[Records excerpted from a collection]
•••••

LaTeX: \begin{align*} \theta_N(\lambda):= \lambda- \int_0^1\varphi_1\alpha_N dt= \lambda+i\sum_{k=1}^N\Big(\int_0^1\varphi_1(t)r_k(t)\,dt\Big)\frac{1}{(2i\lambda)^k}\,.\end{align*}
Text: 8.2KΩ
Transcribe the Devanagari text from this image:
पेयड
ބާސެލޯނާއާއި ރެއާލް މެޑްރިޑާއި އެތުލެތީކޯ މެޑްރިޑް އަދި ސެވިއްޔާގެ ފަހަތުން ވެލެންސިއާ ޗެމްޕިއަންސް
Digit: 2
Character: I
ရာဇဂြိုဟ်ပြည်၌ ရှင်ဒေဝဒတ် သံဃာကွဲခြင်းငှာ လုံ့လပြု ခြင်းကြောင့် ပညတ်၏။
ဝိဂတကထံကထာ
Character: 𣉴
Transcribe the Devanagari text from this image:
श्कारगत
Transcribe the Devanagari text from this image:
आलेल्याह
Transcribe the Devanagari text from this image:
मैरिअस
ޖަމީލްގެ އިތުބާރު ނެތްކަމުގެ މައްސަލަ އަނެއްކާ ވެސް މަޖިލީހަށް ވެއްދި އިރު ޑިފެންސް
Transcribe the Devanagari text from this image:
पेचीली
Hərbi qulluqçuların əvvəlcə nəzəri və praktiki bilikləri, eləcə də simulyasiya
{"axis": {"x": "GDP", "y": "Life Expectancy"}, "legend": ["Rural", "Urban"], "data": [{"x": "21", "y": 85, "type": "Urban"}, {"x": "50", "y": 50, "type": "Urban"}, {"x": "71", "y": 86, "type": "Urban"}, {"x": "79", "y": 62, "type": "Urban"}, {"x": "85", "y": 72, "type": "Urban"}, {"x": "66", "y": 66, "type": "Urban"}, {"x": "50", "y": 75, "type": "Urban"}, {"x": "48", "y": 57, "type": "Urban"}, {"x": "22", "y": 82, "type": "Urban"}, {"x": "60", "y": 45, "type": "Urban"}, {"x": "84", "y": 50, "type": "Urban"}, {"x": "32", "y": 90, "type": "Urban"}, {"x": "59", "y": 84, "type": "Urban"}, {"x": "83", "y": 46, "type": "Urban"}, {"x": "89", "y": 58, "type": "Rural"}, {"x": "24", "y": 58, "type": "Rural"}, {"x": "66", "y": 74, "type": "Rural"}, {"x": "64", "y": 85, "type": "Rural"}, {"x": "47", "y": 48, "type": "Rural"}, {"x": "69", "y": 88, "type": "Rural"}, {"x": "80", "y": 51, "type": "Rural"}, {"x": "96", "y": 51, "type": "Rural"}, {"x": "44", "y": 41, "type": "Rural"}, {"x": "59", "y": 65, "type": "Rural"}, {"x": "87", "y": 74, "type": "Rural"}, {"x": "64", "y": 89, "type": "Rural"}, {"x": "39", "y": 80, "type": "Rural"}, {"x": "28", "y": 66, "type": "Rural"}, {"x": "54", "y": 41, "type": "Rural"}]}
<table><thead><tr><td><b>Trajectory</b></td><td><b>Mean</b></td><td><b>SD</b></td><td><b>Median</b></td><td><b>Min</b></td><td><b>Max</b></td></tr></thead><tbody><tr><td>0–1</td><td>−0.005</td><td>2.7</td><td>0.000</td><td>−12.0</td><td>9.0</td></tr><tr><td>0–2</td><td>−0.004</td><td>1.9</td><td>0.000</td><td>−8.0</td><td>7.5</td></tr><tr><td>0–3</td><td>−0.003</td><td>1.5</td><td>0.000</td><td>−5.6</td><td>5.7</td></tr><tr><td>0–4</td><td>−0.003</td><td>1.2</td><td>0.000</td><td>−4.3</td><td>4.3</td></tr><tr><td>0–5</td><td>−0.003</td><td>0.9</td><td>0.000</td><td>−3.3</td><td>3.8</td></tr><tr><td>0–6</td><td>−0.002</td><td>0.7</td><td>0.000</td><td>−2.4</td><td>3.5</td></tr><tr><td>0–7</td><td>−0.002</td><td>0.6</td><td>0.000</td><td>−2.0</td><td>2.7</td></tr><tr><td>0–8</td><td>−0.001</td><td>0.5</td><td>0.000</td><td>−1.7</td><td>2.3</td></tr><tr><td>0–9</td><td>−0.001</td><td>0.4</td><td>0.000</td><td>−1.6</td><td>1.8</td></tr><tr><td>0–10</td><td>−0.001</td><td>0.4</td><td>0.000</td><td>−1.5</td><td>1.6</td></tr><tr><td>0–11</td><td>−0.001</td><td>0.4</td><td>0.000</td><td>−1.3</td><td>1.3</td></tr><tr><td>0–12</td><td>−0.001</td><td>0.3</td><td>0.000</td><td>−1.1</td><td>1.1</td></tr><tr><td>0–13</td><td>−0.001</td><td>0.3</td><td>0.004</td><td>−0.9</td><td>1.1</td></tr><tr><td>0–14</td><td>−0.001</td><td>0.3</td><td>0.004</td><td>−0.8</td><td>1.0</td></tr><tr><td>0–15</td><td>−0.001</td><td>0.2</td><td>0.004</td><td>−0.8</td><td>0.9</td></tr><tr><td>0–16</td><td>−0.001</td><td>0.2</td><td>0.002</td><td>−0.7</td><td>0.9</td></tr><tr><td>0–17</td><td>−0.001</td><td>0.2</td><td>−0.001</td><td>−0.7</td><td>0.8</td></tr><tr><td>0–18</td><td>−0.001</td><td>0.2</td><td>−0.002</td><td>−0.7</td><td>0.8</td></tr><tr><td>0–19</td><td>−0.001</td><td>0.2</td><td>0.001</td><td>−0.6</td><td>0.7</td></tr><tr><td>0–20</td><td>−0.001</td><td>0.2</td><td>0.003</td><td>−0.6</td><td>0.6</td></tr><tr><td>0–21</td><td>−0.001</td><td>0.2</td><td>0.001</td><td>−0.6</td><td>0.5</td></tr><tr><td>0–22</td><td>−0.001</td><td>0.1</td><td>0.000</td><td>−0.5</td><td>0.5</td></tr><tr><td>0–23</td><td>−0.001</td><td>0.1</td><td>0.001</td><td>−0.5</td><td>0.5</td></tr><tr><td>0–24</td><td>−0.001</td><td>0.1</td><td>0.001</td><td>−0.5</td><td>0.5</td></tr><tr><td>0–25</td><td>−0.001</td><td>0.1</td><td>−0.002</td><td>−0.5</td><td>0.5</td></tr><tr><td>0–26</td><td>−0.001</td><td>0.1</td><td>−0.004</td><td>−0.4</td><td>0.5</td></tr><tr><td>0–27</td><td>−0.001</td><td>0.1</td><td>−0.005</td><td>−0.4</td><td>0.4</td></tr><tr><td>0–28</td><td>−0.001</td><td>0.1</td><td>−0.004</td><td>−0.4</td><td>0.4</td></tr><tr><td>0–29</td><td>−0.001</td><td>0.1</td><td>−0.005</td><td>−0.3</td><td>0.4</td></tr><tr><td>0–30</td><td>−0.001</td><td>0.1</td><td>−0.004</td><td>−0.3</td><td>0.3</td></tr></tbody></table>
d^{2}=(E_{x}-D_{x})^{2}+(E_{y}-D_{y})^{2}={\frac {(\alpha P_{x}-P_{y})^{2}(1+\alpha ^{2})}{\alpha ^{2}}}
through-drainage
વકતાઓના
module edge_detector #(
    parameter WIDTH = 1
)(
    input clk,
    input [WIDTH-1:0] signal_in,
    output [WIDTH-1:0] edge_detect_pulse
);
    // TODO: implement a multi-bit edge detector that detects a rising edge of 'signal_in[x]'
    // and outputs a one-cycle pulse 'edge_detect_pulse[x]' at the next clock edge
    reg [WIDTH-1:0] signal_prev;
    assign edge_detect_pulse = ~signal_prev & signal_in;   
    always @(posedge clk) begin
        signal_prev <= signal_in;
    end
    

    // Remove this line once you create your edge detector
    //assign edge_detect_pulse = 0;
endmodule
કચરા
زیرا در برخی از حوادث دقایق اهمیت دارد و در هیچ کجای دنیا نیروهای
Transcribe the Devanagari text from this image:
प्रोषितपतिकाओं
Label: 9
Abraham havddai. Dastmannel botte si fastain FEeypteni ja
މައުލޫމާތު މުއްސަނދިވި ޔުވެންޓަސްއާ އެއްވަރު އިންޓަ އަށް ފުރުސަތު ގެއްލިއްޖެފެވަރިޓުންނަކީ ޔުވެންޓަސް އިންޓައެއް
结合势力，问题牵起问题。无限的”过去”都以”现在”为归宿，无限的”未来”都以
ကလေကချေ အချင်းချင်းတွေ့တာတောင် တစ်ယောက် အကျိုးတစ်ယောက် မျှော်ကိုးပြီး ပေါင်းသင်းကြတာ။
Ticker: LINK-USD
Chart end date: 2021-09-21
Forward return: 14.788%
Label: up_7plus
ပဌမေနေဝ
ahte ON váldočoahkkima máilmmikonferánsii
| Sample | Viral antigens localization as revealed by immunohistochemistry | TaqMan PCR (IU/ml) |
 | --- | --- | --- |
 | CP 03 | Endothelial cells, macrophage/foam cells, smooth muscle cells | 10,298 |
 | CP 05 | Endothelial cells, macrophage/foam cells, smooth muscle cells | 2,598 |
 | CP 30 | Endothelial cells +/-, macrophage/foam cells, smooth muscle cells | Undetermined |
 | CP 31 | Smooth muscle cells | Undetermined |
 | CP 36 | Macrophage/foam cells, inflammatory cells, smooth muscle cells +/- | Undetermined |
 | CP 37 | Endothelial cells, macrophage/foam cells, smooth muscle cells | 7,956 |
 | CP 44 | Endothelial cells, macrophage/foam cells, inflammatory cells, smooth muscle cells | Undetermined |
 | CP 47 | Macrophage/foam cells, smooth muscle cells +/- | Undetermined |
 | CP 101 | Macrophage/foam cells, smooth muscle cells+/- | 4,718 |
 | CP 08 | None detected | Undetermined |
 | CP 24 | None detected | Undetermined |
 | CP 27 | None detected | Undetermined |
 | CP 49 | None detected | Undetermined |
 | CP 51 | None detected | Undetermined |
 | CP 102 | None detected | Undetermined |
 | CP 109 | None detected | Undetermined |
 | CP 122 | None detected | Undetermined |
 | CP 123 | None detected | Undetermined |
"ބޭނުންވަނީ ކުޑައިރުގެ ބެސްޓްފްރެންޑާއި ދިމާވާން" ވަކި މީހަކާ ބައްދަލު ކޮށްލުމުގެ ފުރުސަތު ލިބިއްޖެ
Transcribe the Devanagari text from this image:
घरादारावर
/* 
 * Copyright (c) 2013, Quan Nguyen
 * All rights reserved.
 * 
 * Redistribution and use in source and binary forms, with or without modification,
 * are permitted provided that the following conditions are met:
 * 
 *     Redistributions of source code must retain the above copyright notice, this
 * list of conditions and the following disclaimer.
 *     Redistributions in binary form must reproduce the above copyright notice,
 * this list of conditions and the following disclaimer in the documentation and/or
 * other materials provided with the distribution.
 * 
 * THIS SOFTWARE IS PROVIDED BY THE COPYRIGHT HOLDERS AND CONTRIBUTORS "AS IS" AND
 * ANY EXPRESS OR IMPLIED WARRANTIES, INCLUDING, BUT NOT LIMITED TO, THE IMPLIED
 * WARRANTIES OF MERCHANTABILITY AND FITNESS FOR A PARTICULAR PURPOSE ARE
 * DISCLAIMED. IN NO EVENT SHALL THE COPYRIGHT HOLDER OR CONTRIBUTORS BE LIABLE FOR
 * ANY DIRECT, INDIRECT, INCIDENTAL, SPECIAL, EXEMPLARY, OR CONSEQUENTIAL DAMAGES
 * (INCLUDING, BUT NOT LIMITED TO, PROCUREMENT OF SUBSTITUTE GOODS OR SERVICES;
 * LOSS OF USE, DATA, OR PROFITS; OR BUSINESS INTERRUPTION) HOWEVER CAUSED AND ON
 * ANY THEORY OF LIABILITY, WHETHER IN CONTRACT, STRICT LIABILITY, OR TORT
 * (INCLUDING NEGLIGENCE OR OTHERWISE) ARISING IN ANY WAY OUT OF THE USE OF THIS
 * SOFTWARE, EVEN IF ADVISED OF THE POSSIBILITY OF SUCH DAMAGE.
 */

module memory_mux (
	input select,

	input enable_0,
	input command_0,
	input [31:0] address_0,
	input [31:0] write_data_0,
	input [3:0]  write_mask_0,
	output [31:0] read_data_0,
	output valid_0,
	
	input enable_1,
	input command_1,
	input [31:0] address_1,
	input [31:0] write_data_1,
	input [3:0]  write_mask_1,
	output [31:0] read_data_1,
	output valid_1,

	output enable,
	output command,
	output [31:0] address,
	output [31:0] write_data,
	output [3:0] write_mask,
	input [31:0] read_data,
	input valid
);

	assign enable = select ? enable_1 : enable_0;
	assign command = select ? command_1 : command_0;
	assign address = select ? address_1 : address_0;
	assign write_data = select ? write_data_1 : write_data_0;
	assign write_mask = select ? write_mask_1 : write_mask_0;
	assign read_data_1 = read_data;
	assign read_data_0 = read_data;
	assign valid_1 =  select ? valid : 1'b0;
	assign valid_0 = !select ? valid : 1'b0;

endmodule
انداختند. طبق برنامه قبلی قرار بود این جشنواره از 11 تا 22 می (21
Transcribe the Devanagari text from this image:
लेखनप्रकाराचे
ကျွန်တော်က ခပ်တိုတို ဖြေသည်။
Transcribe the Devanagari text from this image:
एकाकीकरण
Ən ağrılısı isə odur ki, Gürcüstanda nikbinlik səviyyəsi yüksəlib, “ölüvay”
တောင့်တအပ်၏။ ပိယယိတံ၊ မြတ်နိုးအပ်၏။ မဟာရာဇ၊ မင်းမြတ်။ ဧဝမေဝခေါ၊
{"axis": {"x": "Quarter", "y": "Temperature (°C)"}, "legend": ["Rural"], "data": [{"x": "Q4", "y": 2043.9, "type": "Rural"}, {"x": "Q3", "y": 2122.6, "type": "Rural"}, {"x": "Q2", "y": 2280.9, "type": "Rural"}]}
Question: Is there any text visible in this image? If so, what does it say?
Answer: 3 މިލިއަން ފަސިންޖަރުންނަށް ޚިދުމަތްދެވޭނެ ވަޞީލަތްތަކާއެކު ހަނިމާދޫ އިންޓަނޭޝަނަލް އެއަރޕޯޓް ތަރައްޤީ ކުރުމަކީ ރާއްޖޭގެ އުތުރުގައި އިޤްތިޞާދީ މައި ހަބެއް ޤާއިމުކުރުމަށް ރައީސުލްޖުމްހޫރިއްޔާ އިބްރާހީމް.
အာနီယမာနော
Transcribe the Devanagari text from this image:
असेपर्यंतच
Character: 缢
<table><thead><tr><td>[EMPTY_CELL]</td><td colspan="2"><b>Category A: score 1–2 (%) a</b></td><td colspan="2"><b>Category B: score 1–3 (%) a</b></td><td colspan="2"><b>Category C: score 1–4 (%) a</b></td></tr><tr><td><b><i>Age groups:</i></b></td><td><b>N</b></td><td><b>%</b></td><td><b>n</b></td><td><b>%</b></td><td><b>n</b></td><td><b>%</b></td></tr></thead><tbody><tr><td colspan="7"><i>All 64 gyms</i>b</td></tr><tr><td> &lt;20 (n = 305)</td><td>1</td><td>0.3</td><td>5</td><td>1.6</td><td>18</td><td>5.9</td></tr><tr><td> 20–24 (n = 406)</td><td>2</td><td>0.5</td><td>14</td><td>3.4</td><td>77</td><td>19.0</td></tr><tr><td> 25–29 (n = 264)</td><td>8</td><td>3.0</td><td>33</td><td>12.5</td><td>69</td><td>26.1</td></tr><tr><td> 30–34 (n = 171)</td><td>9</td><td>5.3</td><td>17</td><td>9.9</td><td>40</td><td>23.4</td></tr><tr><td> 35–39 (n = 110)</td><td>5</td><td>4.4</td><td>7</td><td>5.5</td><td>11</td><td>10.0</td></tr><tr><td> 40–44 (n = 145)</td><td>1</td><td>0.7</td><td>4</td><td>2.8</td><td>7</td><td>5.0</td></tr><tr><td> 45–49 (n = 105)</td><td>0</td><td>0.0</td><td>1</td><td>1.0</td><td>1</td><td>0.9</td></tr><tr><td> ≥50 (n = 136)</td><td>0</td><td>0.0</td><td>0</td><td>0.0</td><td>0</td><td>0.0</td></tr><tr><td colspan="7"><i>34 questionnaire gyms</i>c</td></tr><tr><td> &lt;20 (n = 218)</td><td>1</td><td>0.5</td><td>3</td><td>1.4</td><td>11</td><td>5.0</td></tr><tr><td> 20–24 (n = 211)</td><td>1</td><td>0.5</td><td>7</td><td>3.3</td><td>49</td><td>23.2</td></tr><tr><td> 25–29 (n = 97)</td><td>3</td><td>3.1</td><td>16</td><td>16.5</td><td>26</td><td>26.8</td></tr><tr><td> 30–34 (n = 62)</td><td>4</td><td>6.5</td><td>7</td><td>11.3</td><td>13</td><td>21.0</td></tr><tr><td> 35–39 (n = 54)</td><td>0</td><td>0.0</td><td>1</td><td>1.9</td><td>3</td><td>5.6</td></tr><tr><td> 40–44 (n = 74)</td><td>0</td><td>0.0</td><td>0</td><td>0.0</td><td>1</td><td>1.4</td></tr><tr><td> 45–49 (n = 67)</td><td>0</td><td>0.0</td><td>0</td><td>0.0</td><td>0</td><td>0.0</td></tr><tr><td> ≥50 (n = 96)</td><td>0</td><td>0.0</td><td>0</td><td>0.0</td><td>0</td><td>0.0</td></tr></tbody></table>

•••••

# [Task instructions]
Find the word "detected" in the records. Copy every line it appears in.

# [Response to this exercise]
 | CP 08 | None detected | Undetermined |
 | CP 24 | None detected | Undetermined |
 | CP 27 | None detected | Undetermined |
 | CP 49 | None detected | Undetermined |
 | CP 51 | None detected | Undetermined |
 | CP 102 | None detected | Undetermined |
 | CP 109 | None detected | Undetermined |
 | CP 122 | None detected | Undetermined |
 | CP 123 | None detected | Undetermined |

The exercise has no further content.